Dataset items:
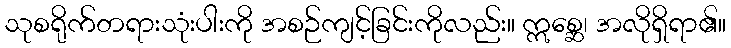
သုစရိုက်တရားသုံးပါးကို အစဉ်ကျင့်ခြင်းကိုလည်း။ ဣစ္ဆေ၊ အလိုရှိရာ၏။
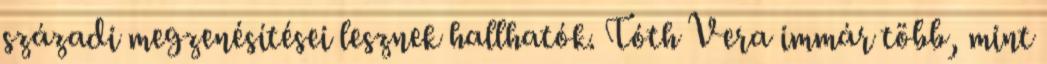
századi megzenésítései lesznek hallhatók. Tóth Vera immár több, mint
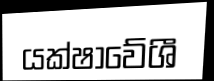
යක්ෂාවේශී
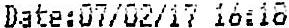
DATE:07/02/17 16:18
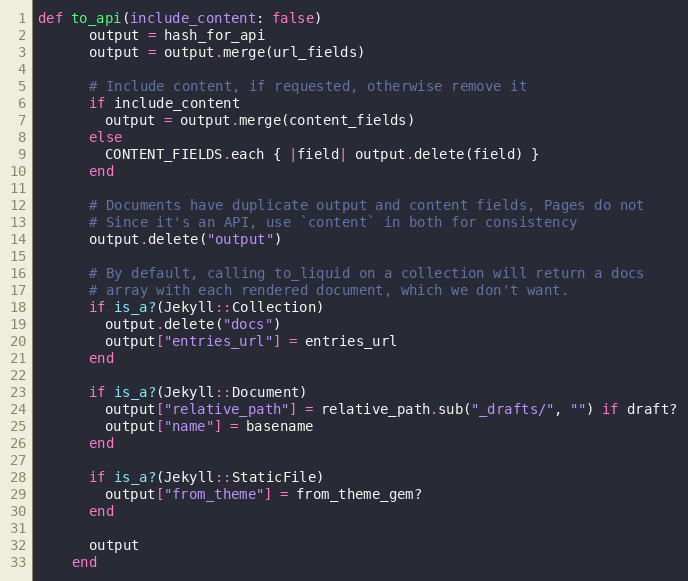
Language: Ruby
def to_api(include_content: false)
      output = hash_for_api
      output = output.merge(url_fields)

      # Include content, if requested, otherwise remove it
      if include_content
        output = output.merge(content_fields)
      else
        CONTENT_FIELDS.each { |field| output.delete(field) }
      end

      # Documents have duplicate output and content fields, Pages do not
      # Since it's an API, use `content` in both for consistency
      output.delete("output")

      # By default, calling to_liquid on a collection will return a docs
      # array with each rendered document, which we don't want.
      if is_a?(Jekyll::Collection)
        output.delete("docs")
        output["entries_url"] = entries_url
      end

      if is_a?(Jekyll::Document)
        output["relative_path"] = relative_path.sub("_drafts/", "") if draft?
        output["name"] = basename
      end

      if is_a?(Jekyll::StaticFile)
        output["from_theme"] = from_theme_gem?
      end

      output
    end
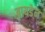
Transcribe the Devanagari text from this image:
ब्रायडेन
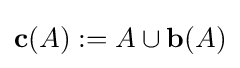
\mathbf {c} (A):=A\cup \mathbf {b} (A)
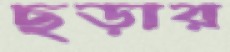
ছড়ার
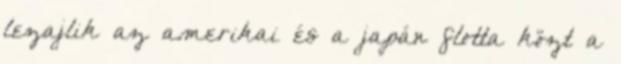
lezajlik az amerikai és a japán flotta közt a
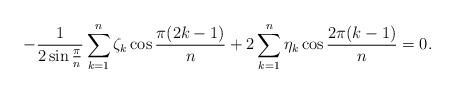
LaTeX: \begin{align*} -\frac{1}{2 \sin \frac{\pi}{n}}\sum \limits _{k=1}^{n} \zeta _k \cos \frac{\pi(2k-1)}{n}+2\sum \limits _{k=1}^{n} \eta_k \cos \frac{2 \pi (k-1)}{n}=0.\end{align*}
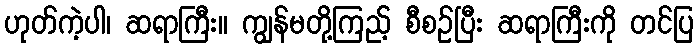
ဟုတ်ကဲ့ပါ၊ ဆရာကြီး။ ကျွန်မတို့ကြည့် စီစဉ်ပြီး ဆရာကြီးကို တင်ပြ
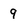
Character: 9
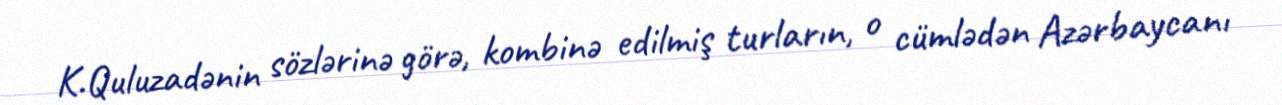
K.Quluzadənin sözlərinə görə, kombinə edilmiş turların, o cümlədən Azərbaycanı
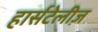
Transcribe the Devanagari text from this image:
हार्सटेलीज़
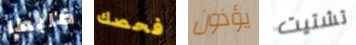
ضابطا فحصك يؤذون تشتيت
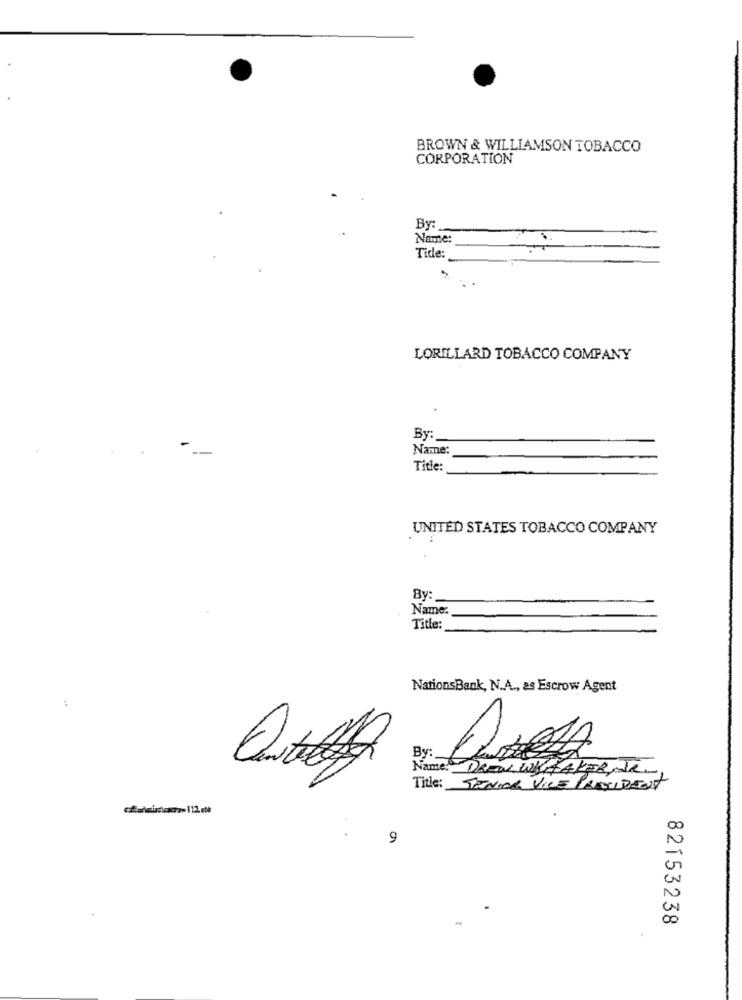
BROWN & WILLIAMSON TOBACCO
CORPORATION
By:
Name:
Tide:
LORILLARD TOBACCO COMPANY
By:
Name:
Title:
UNITED STATES TOBACCO COMPANY
By:
Name:
Title:
NationsBank, N.A ., as Escrow Agent
By:
Name: DREW WHAAKERNJe,
Title: SENIOR VICE PRESIDENT
.
9
82153238
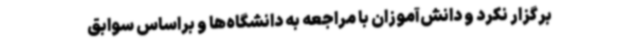
برگزار نکرد و دانش‌آموزان با مراجعه به دانشگاه‌ها و براساس سوابق
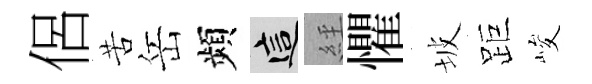
侶苦岳頻這𦀇懼坡距峻
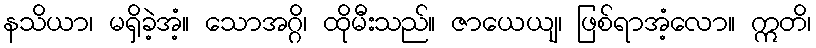
နသိယာ၊ မရှိခဲ့အံ့။ သောအဂ္ဂိ၊ ထိုမီးသည်။ ဇာယေယျ၊ ဖြစ်ရာအံ့လော။ ဣတိ၊
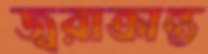
জ্বরাক্রান্ত
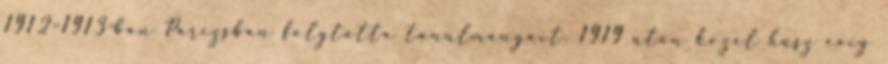
1912–1913-ban Párizsban folytatta tanulmányait. 1919 után közel húsz évig
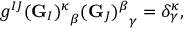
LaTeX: g ^ { I J } { ( { \bf G } _ { I } ) ^ { \kappa } } _ { \beta } { ( { \bf G } _ { J } ) ^ { \beta } } _ { \gamma } = \delta _ { \gamma } ^ { \kappa } ,
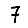
Digit: 7
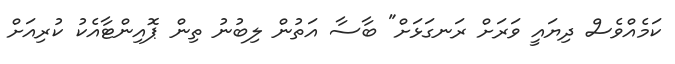
ކަމެއްވެސް ދިޔައީ ވަރަށް ރަނގަޅަށް" ބާސާ އަތުން ލިބުނު ތިން ޕޮއިންޓާއެކު ކުރިއަށް
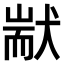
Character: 𤟮

**ACTIVITY**: Write out the lines beginning at the line with "برگزار نکرد و" and ending at the last line of the entries. Include no pictures.

**THE COMPLETED TASK**:
برگزار نکرد و دانش‌آموزان با مراجعه به دانشگاه‌ها و براساس سوابق
侶苦岳頻這𦀇懼坡距峻
နသိယာ၊ မရှိခဲ့အံ့။ သောအဂ္ဂိ၊ ထိုမီးသည်။ ဇာယေယျ၊ ဖြစ်ရာအံ့လော။ ဣတိ၊
জ্বরাক্রান্ত
1912–1913-ban Párizsban folytatta tanulmányait. 1919 után közel húsz évig
LaTeX: g ^ { I J } { ( { \bf G } _ { I } ) ^ { \kappa } } _ { \beta } { ( { \bf G } _ { J } ) ^ { \beta } } _ { \gamma } = \delta _ { \gamma } ^ { \kappa } ,
Digit: 7
ކަމެއްވެސް ދިޔައީ ވަރަށް ރަނގަޅަށް" ބާސާ އަތުން ލިބުނު ތިން ޕޮއިންޓާއެކު ކުރިއަށް
Character: 𤟮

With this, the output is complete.